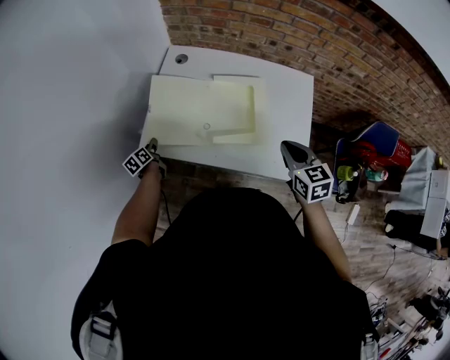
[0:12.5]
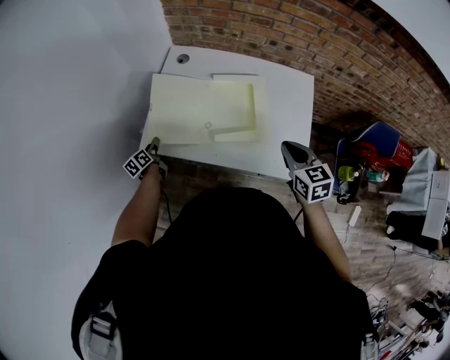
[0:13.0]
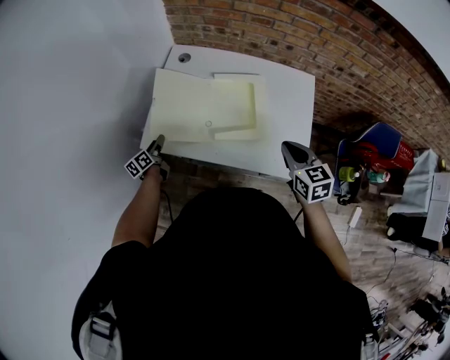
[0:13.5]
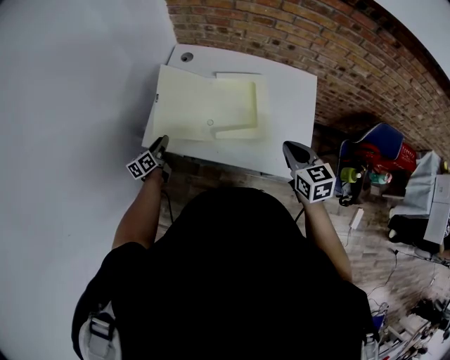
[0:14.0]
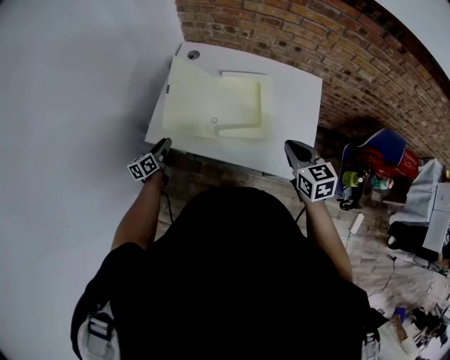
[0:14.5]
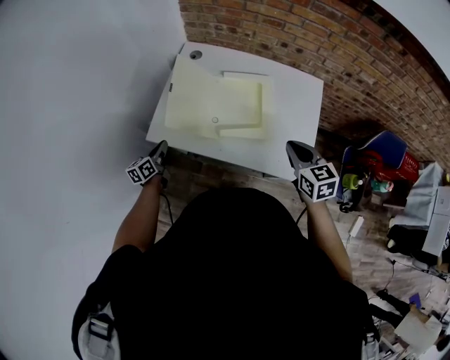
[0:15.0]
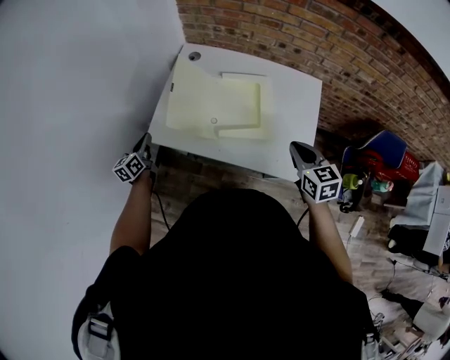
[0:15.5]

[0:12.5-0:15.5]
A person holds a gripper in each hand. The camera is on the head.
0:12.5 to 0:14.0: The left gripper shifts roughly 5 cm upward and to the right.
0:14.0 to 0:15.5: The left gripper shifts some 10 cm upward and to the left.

Exercise: Exact copies of the entries above are needed, without their pictures.

Answer to the exercise:
[0:12.5]
[0:13.0]
[0:13.5]
[0:14.0]
[0:14.5]
[0:15.0]
[0:15.5]

[0:12.5-0:15.5]
A person holds a gripper in each hand. The camera is on the head.
0:12.5 to 0:14.0: The left gripper shifts roughly 5 cm upward and to the right.
0:14.0 to 0:15.5: The left gripper shifts some 10 cm upward and to the left.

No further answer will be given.